Nor does Harvey's criminal action satisfy the alternative bases for removal under § 1443(2). "The first clause [of subsection (2)], `for any act under color of authority derived from any law providing for equal rights . . . [,]' has been examined by the Supreme Court and held available only to federal officers and to persons assisting such officers in the performance of their official duties." Detroit Police Lieutenants and Sergeants Ass'n v. City of Detroit, 597 F.2d 566, 568 (6th Cir. 1979) (citing Peacock, 384 U.S. at 815). As to the second clause of § 1443(2) ("for refusing to do any act on the ground that it would be inconsistent with such law"), the Supreme Court has noted that "[i]t is clear that removal under that language is available only to state officers." Peacock, 384 U.S. at 824 n. 22; Detroit Police Lieutenants and Sergeants Ass'n, 597 F.2d at 568 ("We believe that this provision of the statute was designed to protect state officers from being penalized for failing to enforce discriminatory state laws or policies by providing a federal forum in which to litigate these issues."). As Harvey is not a federal officer or a person assisting a federal officer in the performance of his duties or a state officer, neither clause of § 1443(2) applies.

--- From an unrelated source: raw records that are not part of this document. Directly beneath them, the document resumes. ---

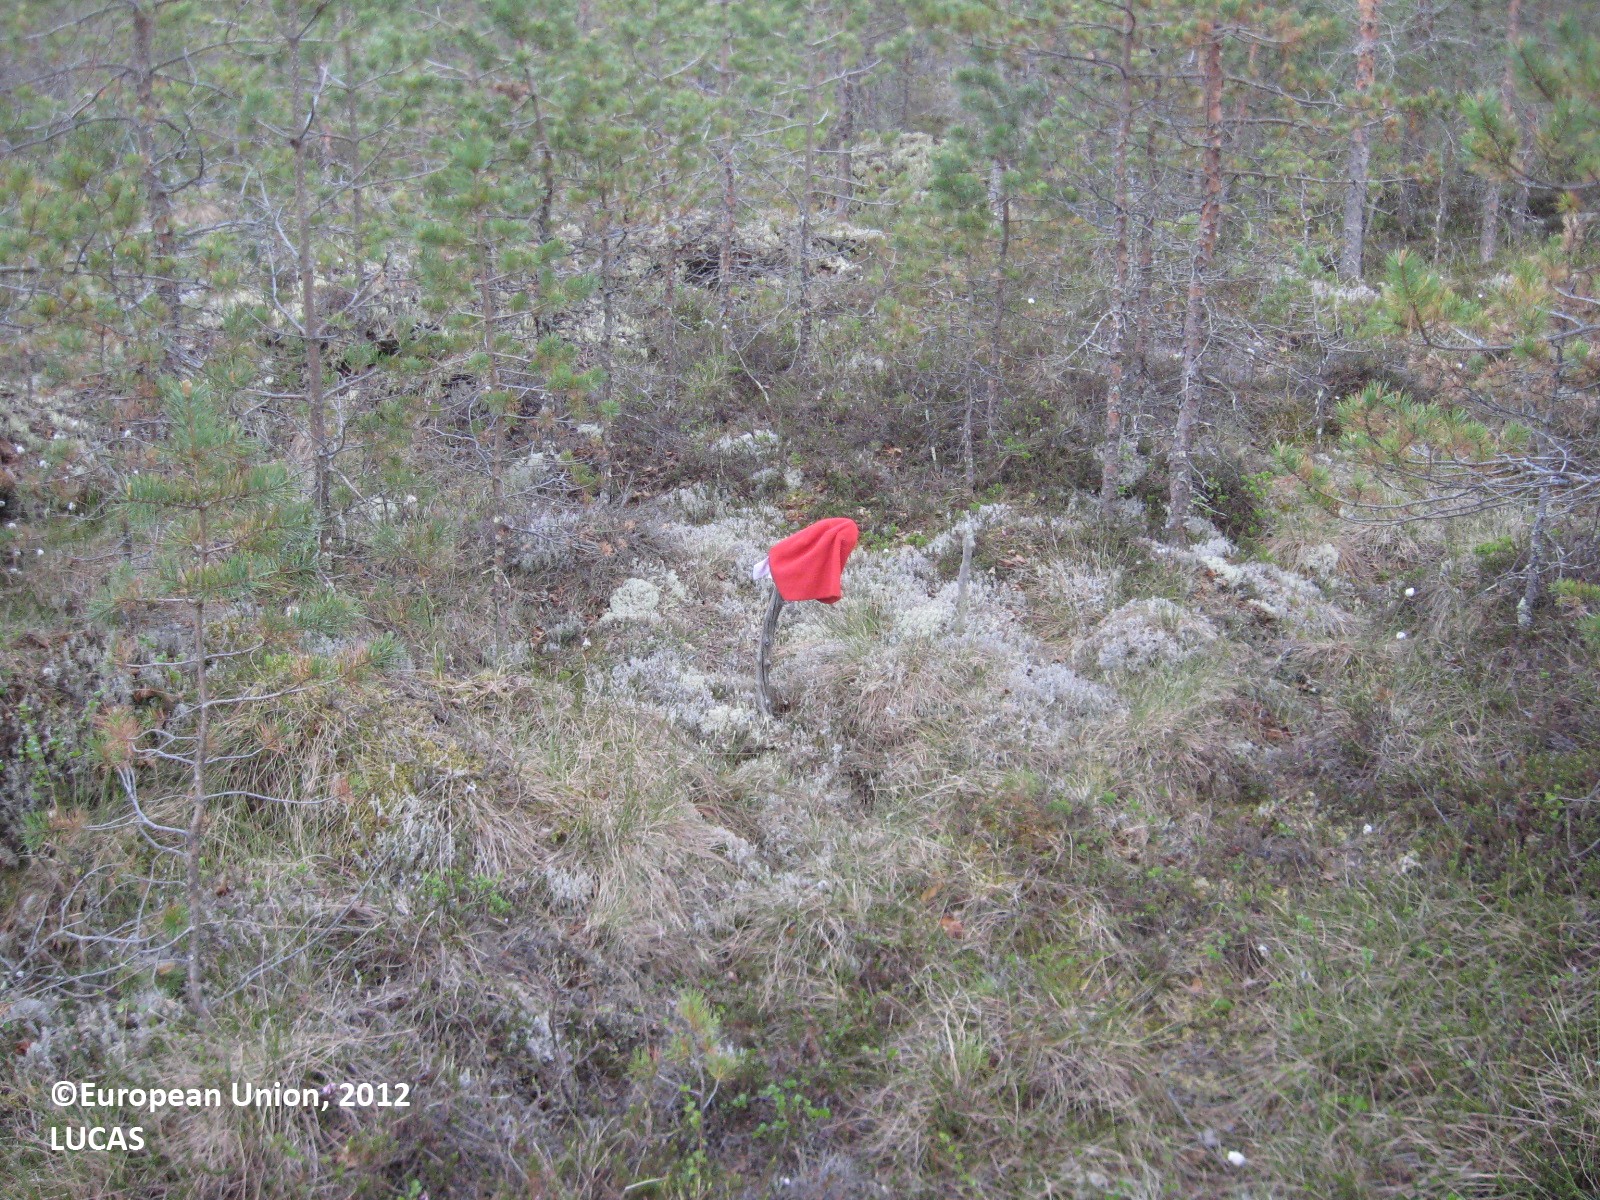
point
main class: Woodland
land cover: Pine dominated coniferous woodland
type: boreal forest
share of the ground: 50 - 75 %
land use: Forestry
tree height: < 5 m
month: June
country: FI
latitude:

Harvey's petition makes only unsupported conclusory statements of racial inequality. Furthermore, Harvey has not asserted that there is a formal expression of state law preventing him from enforcing his rights in state court. Rather, it appears that Harvey believes he has been the victim of targeted, individualized discrimination. Thus, removal is not proper under § 1443. As procedural guidance, however, the Court advises that should Harvey believe that his federal constitutional rights have been violated during his criminal proceeding, he should first exhaust his available state-court remedies (on direct appeal and by way of any post-conviction collateral attacks, such as an RCr 11.42, for instance) and then file a federal habeas petition under 28 U.S.C. § 2254.
III.
Because removal is not authorized under § 1443, this Court is without jurisdiction to entertain Harvey's criminal action at this time. The Court will dismiss Harvey's petition and summarily remand the action pursuant to 28 U.S.C. § 1446(c)(4).
Pursuant to § 1446(c)(4), "If it clearly appears on the face of the notice [of removal of a criminal prosecution] and any exhibits annexed thereto that removal should not be permitted, the court shall make an order for summary remand."
The Court will enter an Order consistent with this Memorandum Opinion.